Unfortunately for many of them, the chipset market has been a volatile one, and many of them have long since gone out of business. In 1993, VLSI had become the dominant force in the chipset market and had the vast majority of the market share; by the next year, VLSI (which later was merged into Philips Semiconductors), along with virtually everybody else in the chipset market, was fighting to stay alive.

This is because a new chipset manufacturer had come on the scene, and within a year or so of getting serious, it was totally dominating the chipset market. That company was Intel, and after 1994, it had a virtual lock on the chipset market. If you have a motherboard built since 1994 that uses or accepts an Intel processor, chances are good that it has an Intel chipset on it as well.

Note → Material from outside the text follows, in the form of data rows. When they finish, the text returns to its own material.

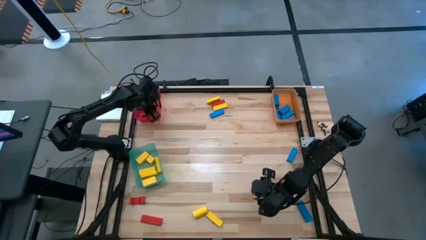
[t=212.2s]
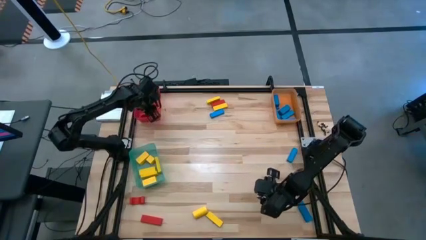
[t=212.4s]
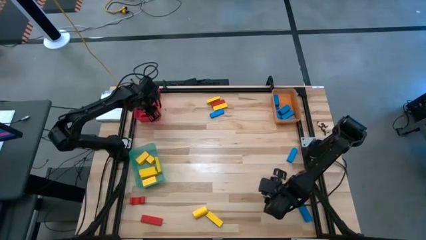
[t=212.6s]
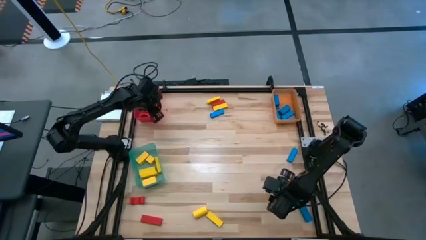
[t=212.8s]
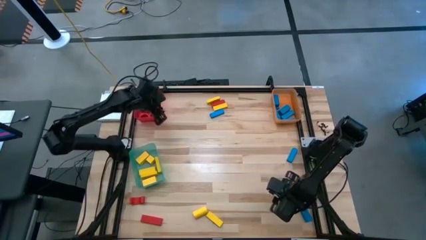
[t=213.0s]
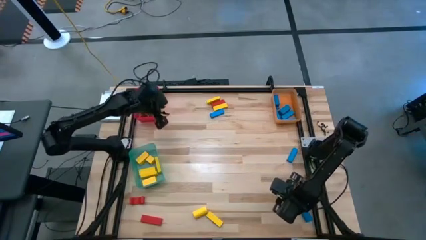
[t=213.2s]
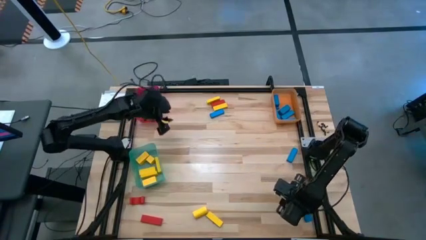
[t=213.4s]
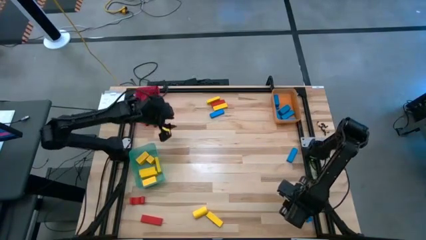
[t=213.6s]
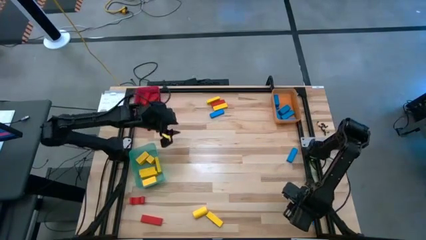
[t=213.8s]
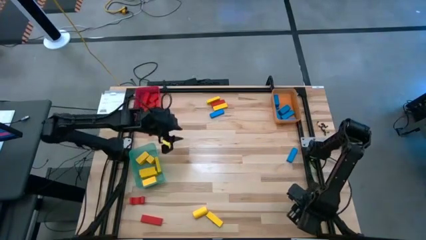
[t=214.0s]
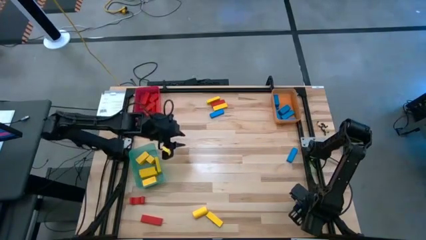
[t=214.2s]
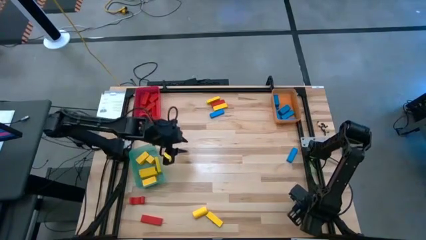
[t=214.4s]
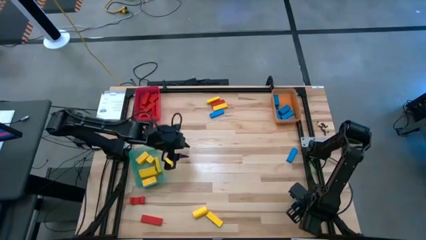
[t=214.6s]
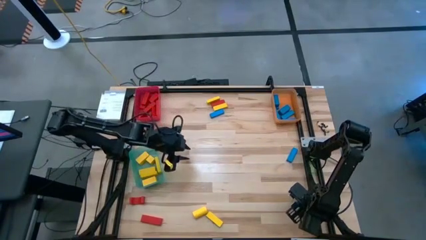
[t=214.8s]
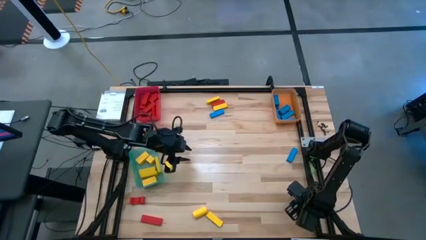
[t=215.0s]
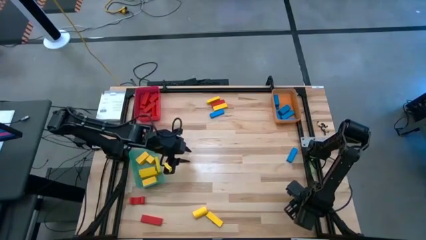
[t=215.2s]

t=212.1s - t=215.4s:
Task: Sort blocks
Put the blue block into the orange bin

More recently, Intel has struggled somewhat with chipsets because of its reliance on RDRAM memory. Intel originally signed a contract with Rambus back in 1996 declaring it would support this memory as its primary focus for desktop PC chipsets through 2001.

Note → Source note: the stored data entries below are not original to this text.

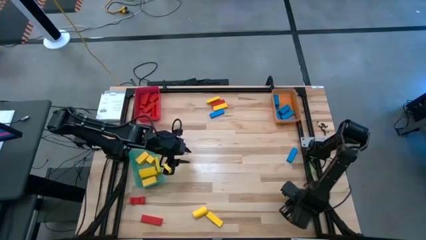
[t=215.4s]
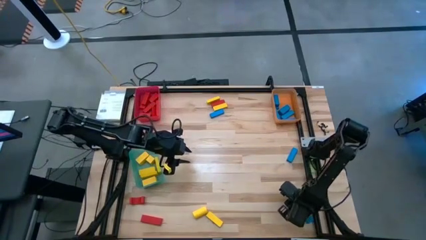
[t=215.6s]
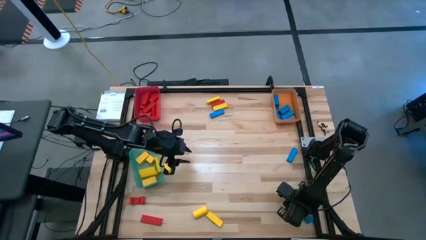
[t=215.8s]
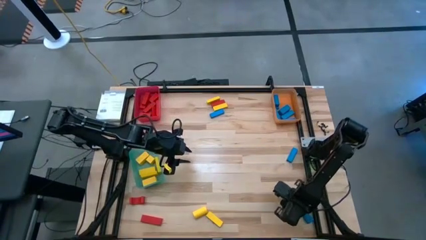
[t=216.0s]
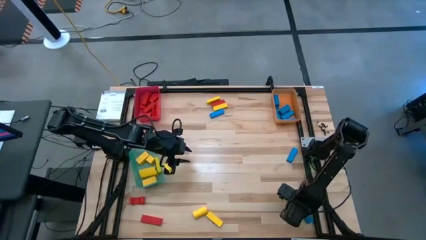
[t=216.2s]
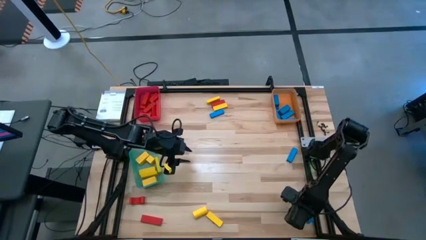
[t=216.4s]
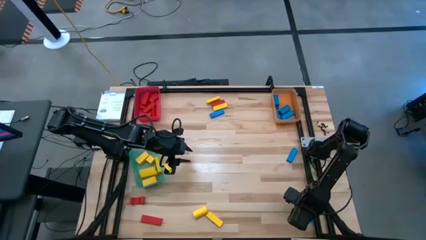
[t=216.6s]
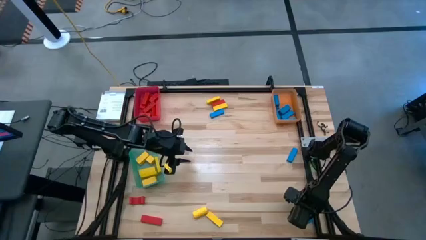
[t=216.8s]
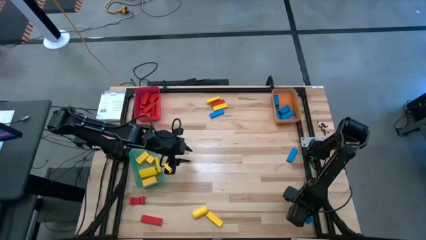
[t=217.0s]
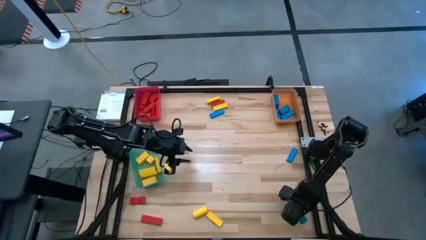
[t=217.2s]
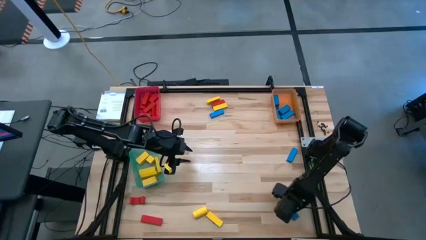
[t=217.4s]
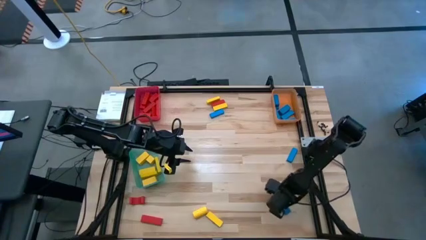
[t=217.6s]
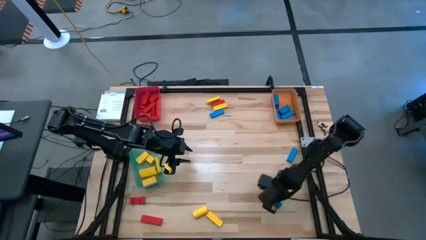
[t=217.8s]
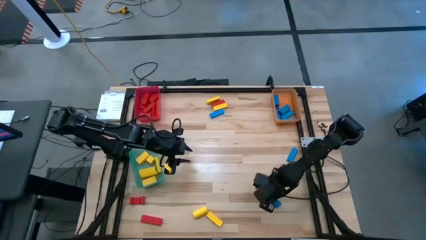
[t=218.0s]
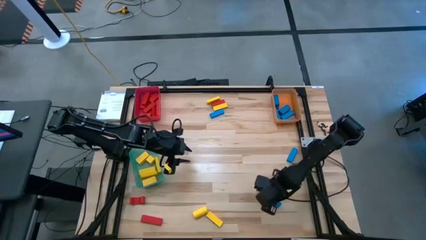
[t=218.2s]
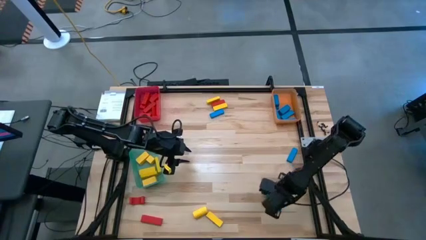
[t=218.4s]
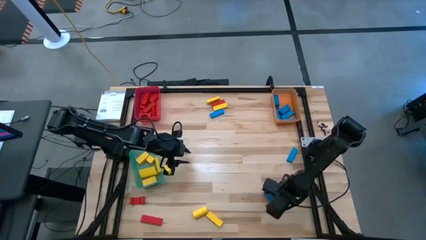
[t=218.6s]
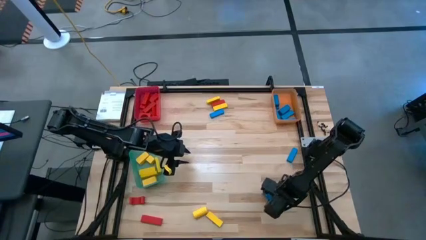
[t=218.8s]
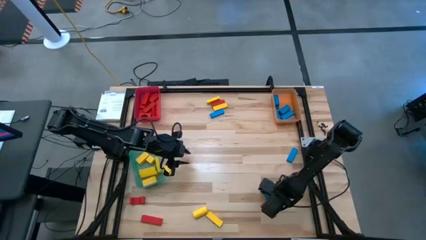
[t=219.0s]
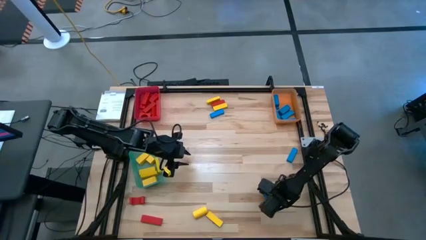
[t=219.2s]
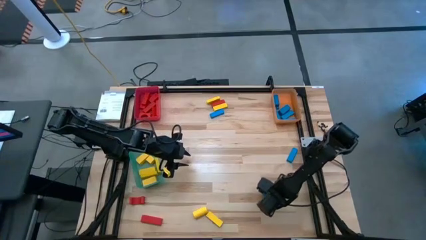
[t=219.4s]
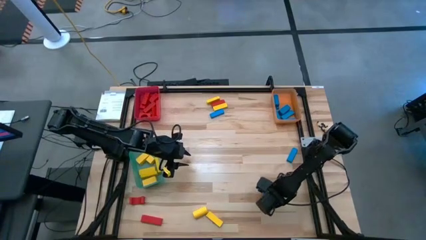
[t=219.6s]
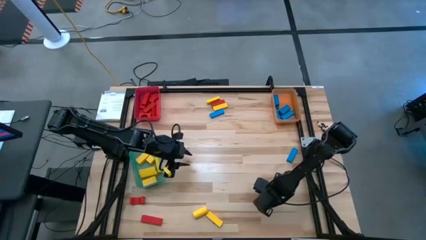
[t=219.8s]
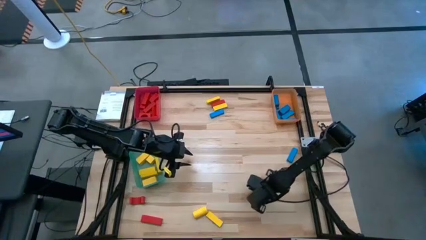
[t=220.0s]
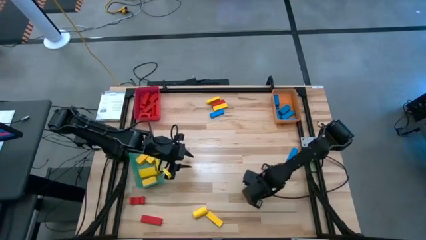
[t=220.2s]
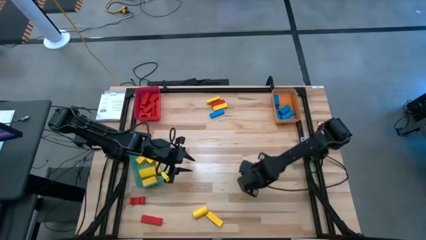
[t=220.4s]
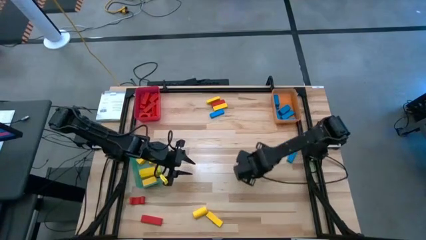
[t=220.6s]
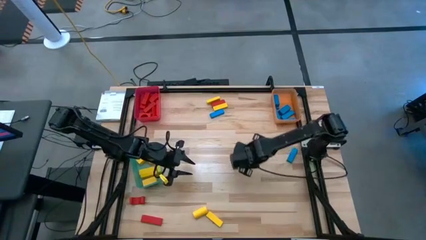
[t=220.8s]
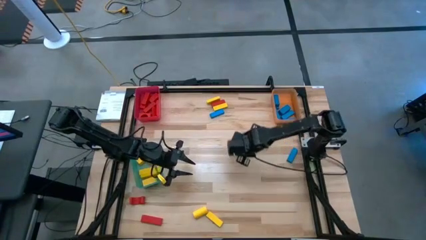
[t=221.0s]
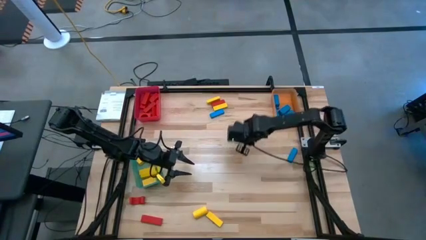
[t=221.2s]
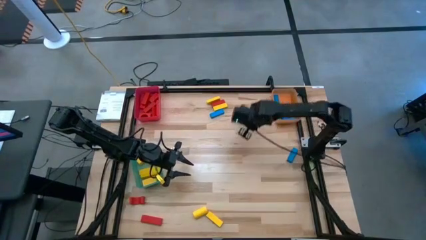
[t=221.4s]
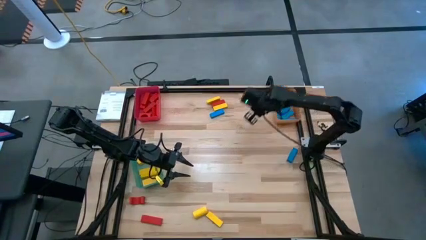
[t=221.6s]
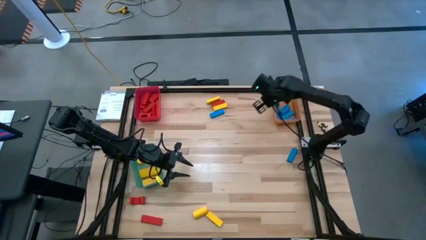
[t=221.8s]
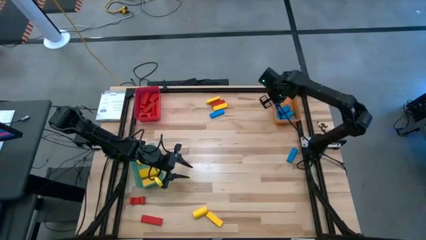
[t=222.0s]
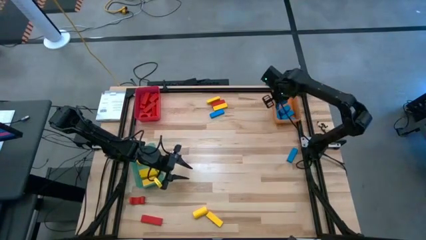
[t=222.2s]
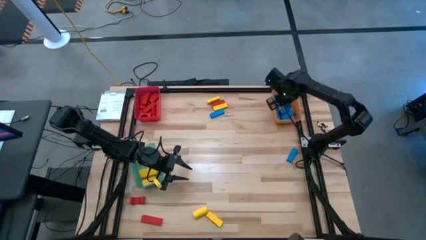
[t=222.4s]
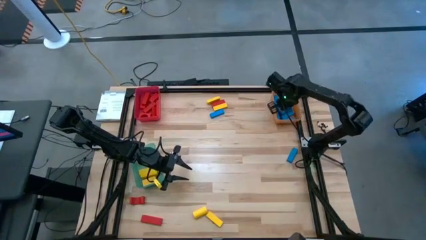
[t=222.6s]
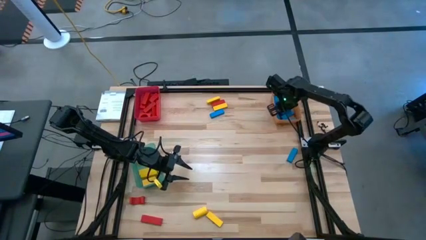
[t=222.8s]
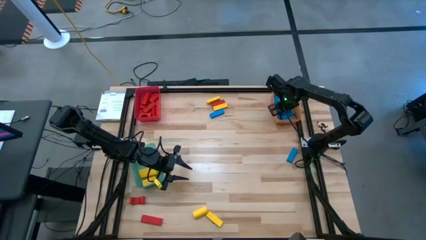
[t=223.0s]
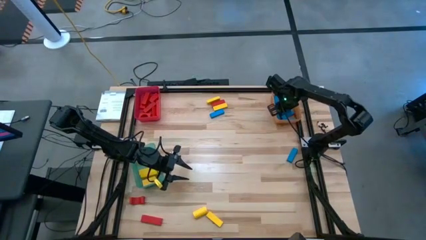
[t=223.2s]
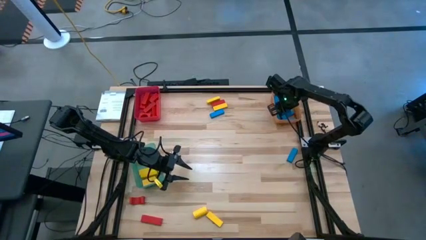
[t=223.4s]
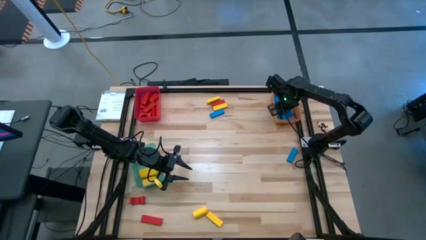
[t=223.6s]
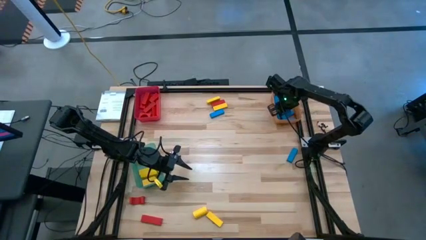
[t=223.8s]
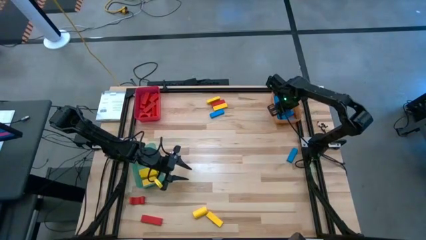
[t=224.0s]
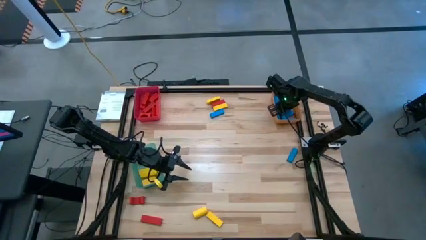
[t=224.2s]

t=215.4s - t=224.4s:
Put the blue block into the orange bin

I suspect this has turned out to be something Intel regrets (the contract has since expired). RDRAM memory has had a significantly higher price than SDRAM memory—although the prices have recently come down a bit—and it does have some performance advantages when used in a dual-channel mode.

There is a lot of momentum in the market for supporting double data rate (DDR) SDRAM. Consequently, Intel introduced the 845 chipset (code named Brookdale), which supports DDR-SDRAM with the Pentium 4. Intel's latest chipsets for Pentium 4, the i865 (code named Springdale) and i875P (code named Canterwood), continue the trend of support for faster DDR SDRAM memory and FSB bus speeds.

Intel is not alone in the Pentium 4 chipset business: Silicon Integrated Systems (SiS), ATI, and ALi Corporation all make licensed chipsets for the Pentium 4. VIA Technologies also makes Pentium 4–compatible chipsets, but without a license, which has greatly limited their popularity with motherboard makers.

Although AMD has developed its own chipsets for the K6 and Athlon family of processors, it now emphasizes encouraging third-party chipset developers to support its products. Today, VIA Technologies is the leading developer of AMD Athlon/Athlon XP/Duron chipsets for both discrete and integrated uses.

The popularity of AMD processors has also encouraged SiS, ATI, NVIDIA, and ALi Corporation to develop chipsets for both Intel-and AMD-based systems.

It is interesting to note that the original PC chipset maker, Chips and Technologies, survived by changing course to design and manufacture video chips and found a niche in that market specifically for laptop and notebook video chipsets. Chips and Technologies was subsequently bought out by Intel in 1998 as a part of Intel's video strategy.